Митя подумал, и вдруг его осенило: Конобеев. (Крупный. Любит поесть. Не очень твердого характера. И тоже моторист.)
— Добро, — сказал Митя, вставая. — Я подумаю.
Горбунов выслушал помощника с непроницаемым видом.
— Конкретно: что вы предлагаете?
— Туляков считает…
— Что думает Туляков, я знаю. Ваше мнение?
Митя замялся.
— Еще не сложилось? Десять минут на формирование собственной точки зрения. До свидания.
Митя выскочил из отсека в ярости. Десяти минут едва хватило, не меньше девяти он думал о том, почему Горбунов такая скотина. Затем постучал вновь.
— Ну?
— По-моему, Туляков прав.
Горбунов усмехнулся.
— По-моему, тоже.
На этом разговор и закончился. Митя прекратил расследование. Конобеев, державшийся вначале бодро, к вечеру заметно скис. Весь следующий день он ходил как потерянный, было замечено, что он копит хлеб. К вечеру второго дня он пришел к Олешкевичу и молча положил перед ним нечто, завернутое в газету. Олешкевич так же молча передал сверток Границе. Больше этот случай не обсуждался.

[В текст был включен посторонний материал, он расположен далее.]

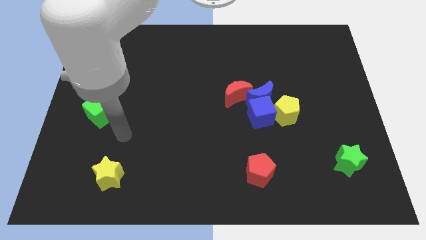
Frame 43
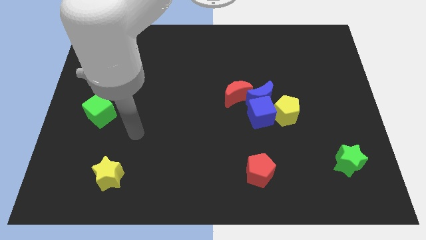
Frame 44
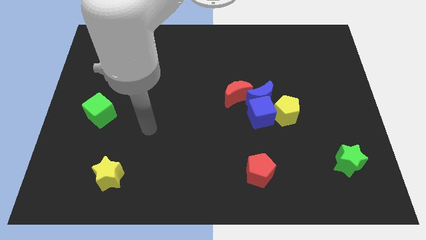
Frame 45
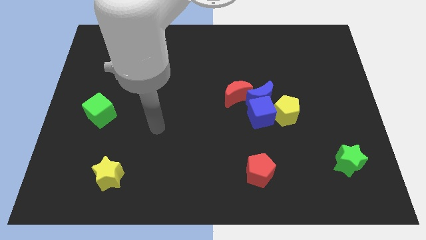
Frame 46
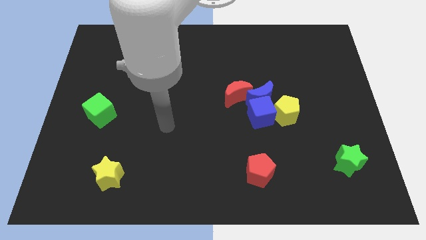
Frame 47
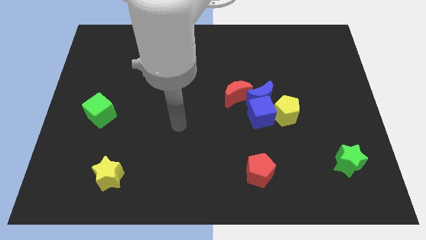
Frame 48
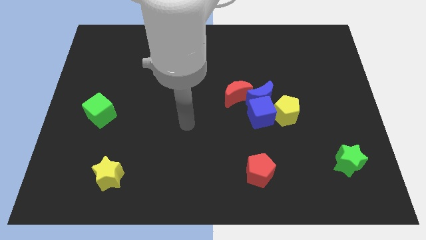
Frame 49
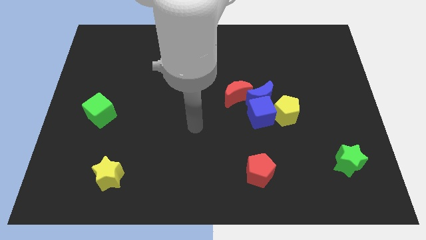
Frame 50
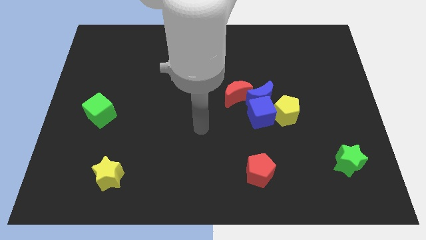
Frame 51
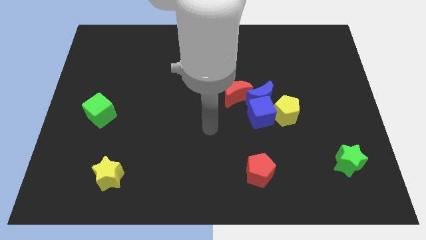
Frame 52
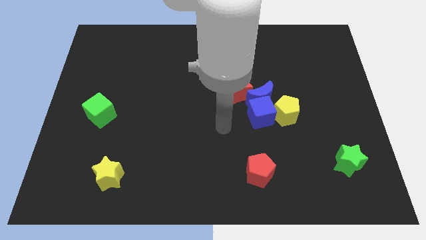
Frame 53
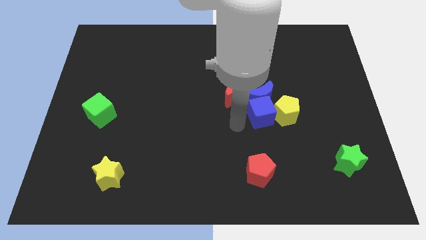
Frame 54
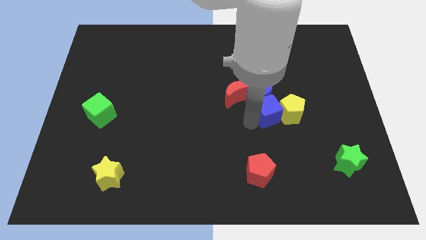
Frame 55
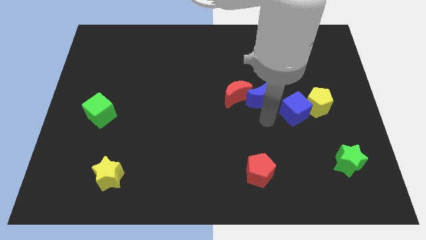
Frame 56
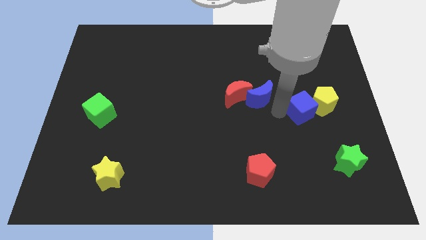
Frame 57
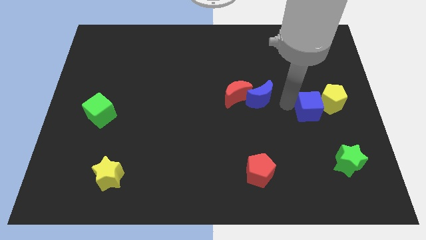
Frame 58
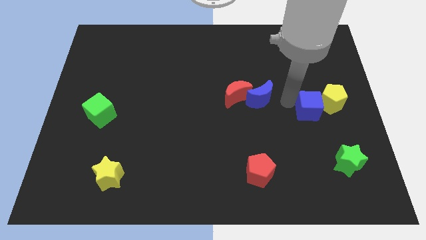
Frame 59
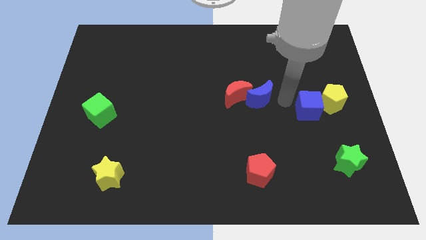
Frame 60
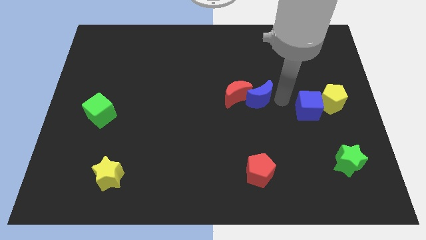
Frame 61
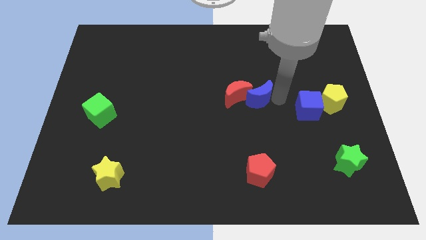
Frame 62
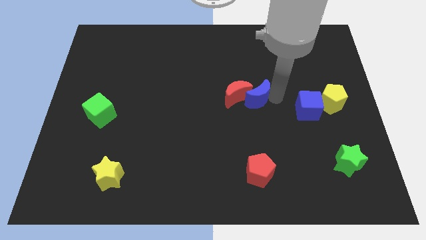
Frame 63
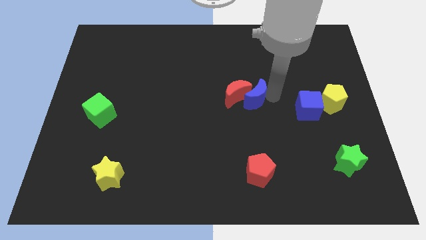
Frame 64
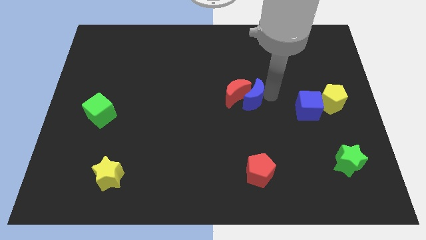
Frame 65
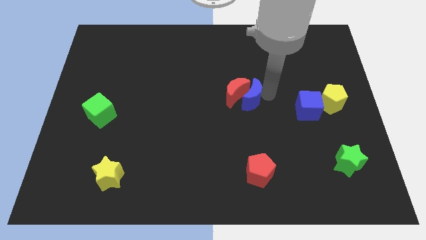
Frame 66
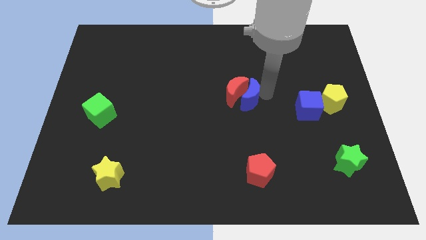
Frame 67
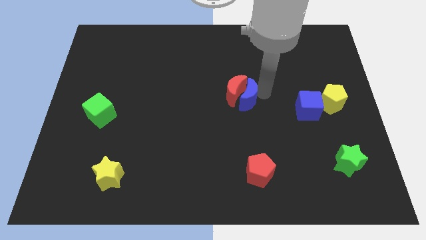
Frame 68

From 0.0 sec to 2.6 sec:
separate the blue moon from the clump

«Черт знает что, — думал Митя, натягивая на голову одеяло, — почему когда кто-нибудь украдет или набьет морду — это „чепе“ и надо доносить по начальству? А когда Туляков изо дня в день делает уникальную работу, это почему-то не „чепе“. Возмутительно». И тут же привычно перевернул: «А с другой стороны — правильно. Ибо поведение Тулякова — норма, а „чепе“ — отклонение от таковой и, естественно, привлекает к себе внимание руководства. Логично. Но тогда почему же в газетах сплошные подвиги и никаких происшествий?»
Говорят, что первый признак тяжелых душевных переживаний — бессонница. Переживания были, а бессонницы не было. Лейтенант Туровцев засыпал исправно, не успевая додумать мысль до конца.

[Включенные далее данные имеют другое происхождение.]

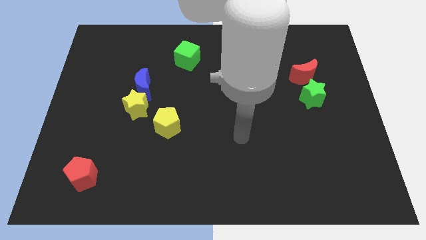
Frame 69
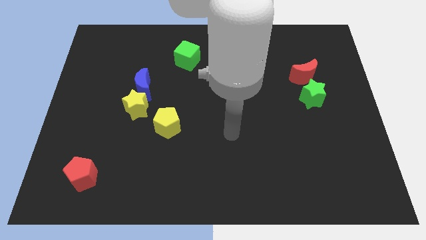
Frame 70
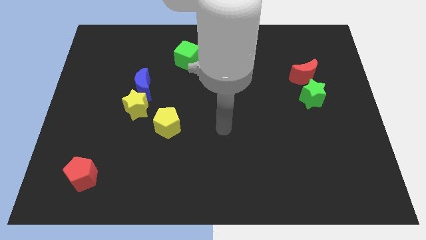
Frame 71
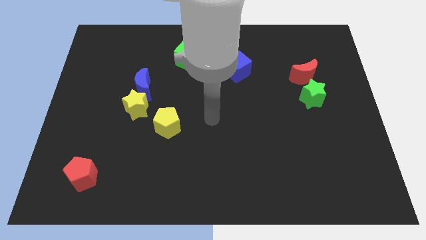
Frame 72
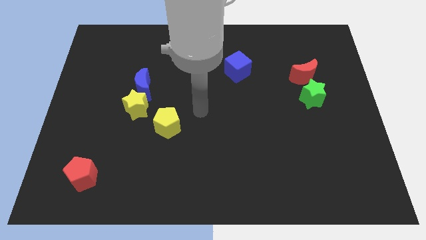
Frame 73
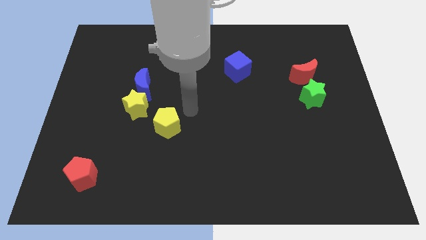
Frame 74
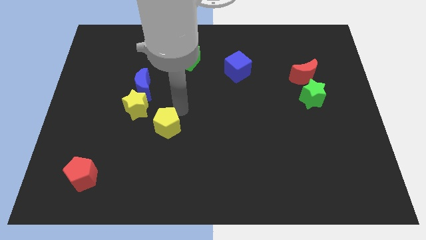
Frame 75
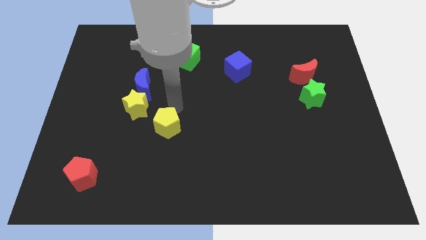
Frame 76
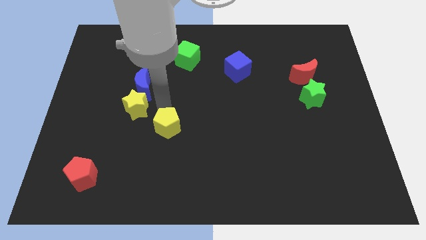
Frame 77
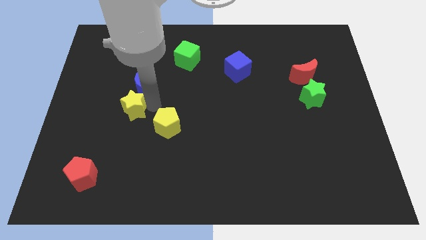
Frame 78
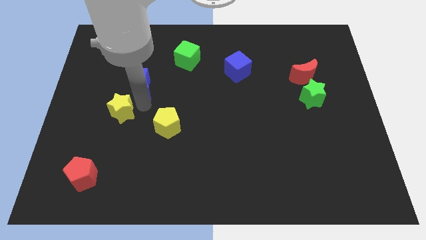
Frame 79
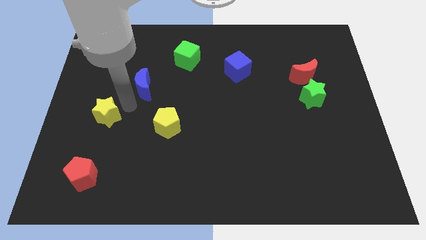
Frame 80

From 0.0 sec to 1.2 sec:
separate the blue moon from the yellow star

Главное «чепе» стряслось на шестой день Митиного ареста. На этот раз местом происшествия оказался уже знакомый Мите завод, а виновником не больше не меньше как сам Горбунов.
Поездку на завод за материалами Туровцев готовил так, как готовят выход в море. Вторично был послан на разведку Соловцов, он проник на завод со стороны Невы и, войдя в сношения с местными старожилами, установил, что на складах имеются почти все необходимые материалы, а также подробнейшим образом разузнал о формальной стороне дела. Самое трудное было раздобыть грузовую машину. Рассчитывать на официальные каналы не приходилось, и Митя, с помощью того же Соловцова, договорился с заведующим гаражом одного почтенного учреждения о предоставлении машины на условиях, не предусмотренных существующим законодательством. Суточное расписание было построено так ловко, что даже отсутствие Тулякова не должно было отразиться на выполнении графика.
В начале одиннадцатого к трапу подошла полуторка. Из кабины выпрыгнул давно не бритый гражданский шофер и, с первых же слов перейдя на крик, заявил, что он прибыл в распоряжение капитан-лейтенанта Горбунова на один час времени, что из этого часа он уже и так простоял зря десять минут у плавбазы и что, как только час пройдет, он, ни на что не глядя, бросит все и уедет к чертовой матери, и что бензину у него всего ничего, и если ему сию же минуту не зальют десять литров какого-никакого, но чтоб настоящего бензину, то он опять-таки бросит все и уедет к той же матери, что рессора у него слабая и не держит, а потому машину надо грузить с умом, если же будут грузить без ума, то пусть тогда все горит огнем, а он поедет к себе в гараж, потому как для него все одинаковы — военные и штатские, а рацион пропадать не должен… Кое-как утихомирили расходившегося водителя и после недолгих сборов укатили. Поехали Ждановский, Туляков, Соловцов и Граница. В последнюю минуту к ним присоединились Зайцев и Горбунов. Павел Анкудиныч знал завод как свои пять пальцев и действительно мог быть полезен, Горбунов же вполне мог не ехать…
Все понимали, что через час машина не вернется. Но она не вернулась и через два. Митя и доктор впервые обедали вдвоем, ели молча, обоих точила тревога. Доктора тревожило, что командир поехал уж очень налегке, в фуражке и реглане, что беспокоило Туровцева — он и сам толком не знал.